I say with humility that I am probably as qualified to speak on the “incentive" of our great United States patent incentive system as perhaps any other living person. I feel that a person such as myself should not remain silent at this crucial tine in the history of our country. My motivation to speak out is set forth herein.

I view the present patent law revision bill with misgivings because I do not see the kind of provisions which, on the whole, on balalnce, I can accept as being truly for the betterment and welfare of our country.

Accordingly, the comments I offer are set out with the hope that those who view the system as I do will consider and be persuaded to adopt them. If there is not agreement with all points, hopefully, these comments will have served at least for the betterment of the functioning of our Patent Incentive System and therefore our great United States.

In reading these comments I ask you to be ever mindful that the 77 million dollar Patent Office budget is relatively so small compared with "welfare" systems and schemes of our federal government that any increase or decrease in costs accomplished by legislation can be ignored. As you know in your capacity as Chairman of the Appropriations Committee, we are, today, appropriating tremendous amounts for all kinds of government operations which are legislated by Congress for the "welfare" of our country.

You need not be reminded, Sir, that comparing the relative merits of such welfare legislation with the Patent Office functions there is no doubt that the Patent Office is as essential as the best of the welfare programs.

Patents make jobs, which make incomes, which make taxes. The patented inventions ultimately make better living for all through progress of the useful arts. These patented inventions stimulate that progress.

The jobs, the processes, products, and other benefits for better living and national defense motivated into existence by our great United States patent incentive system are legion. This makes the Patent Incentive System the root of real welfare for the citizen and his country. Even at this late date, in the operation of our very old but good system, this needs to be told and repeated. The taxes for providing the non-patent system schemes of our government are generated in large part by the operation by our Patent Incentive System, as you know.

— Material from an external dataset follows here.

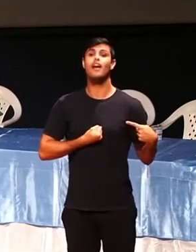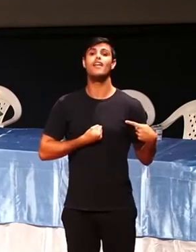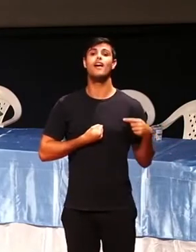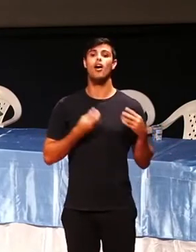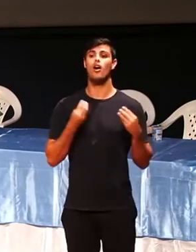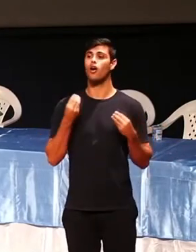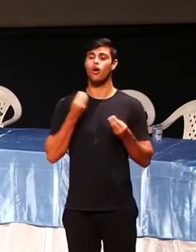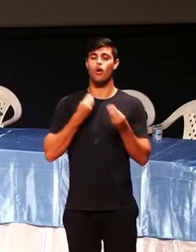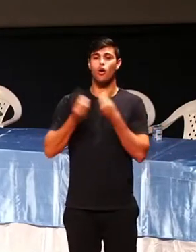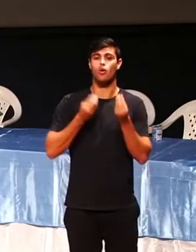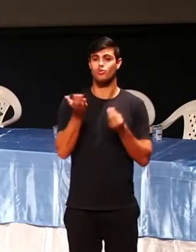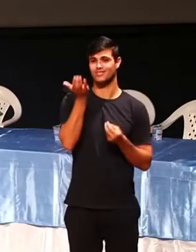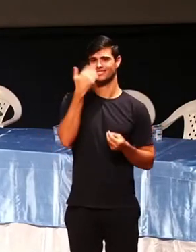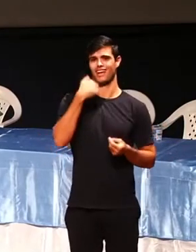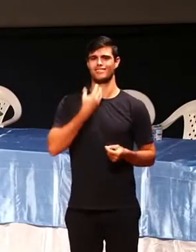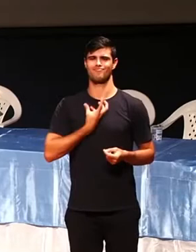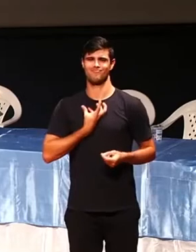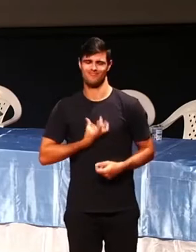dentro de você.

Much revenue in this country, as well as coming into it from abroad, results from patent protection here in the United States. A U.S. inventor must serure his rights here, for usually the real market for it, for him, is here. Unless in such case he has protection here he cannot afford to reveal his invention abroad.

I have read the statements and have heard every word of the testimony presented to the subcommittee September 11, 12 and 14, 1973. I am pleased that some of my work has been reflected to the subcommittee.

1. I believe that no legislation, even resulting from the no doubt well corsidered Administration bill, should be enacted until the public, preferably in public hearings, has had an opportunity to develop its ideas, suggestions and possibly even better principled provisions. I urge you to provide hearings on any new bill introduced whether by the Administration or any other group of citizens.

Such hearings should not be open to review specific provisions on which those concerned have been heard. There should be time to put forth positions and arguments on real departures either from present law, or priorly reasonably considered provisions of early bills.

2. S.1321, undoubtedly introduced with the welfare of our great country in view, contains provisions improving the stature of the Patent Office which I can accept. For the most part it contains provisions, on only some of which the public has been invited or permitted to comment reasonably and at the hearings, which I and great many others, including the Administration, cannot accept. Please note the addendum, later discussed.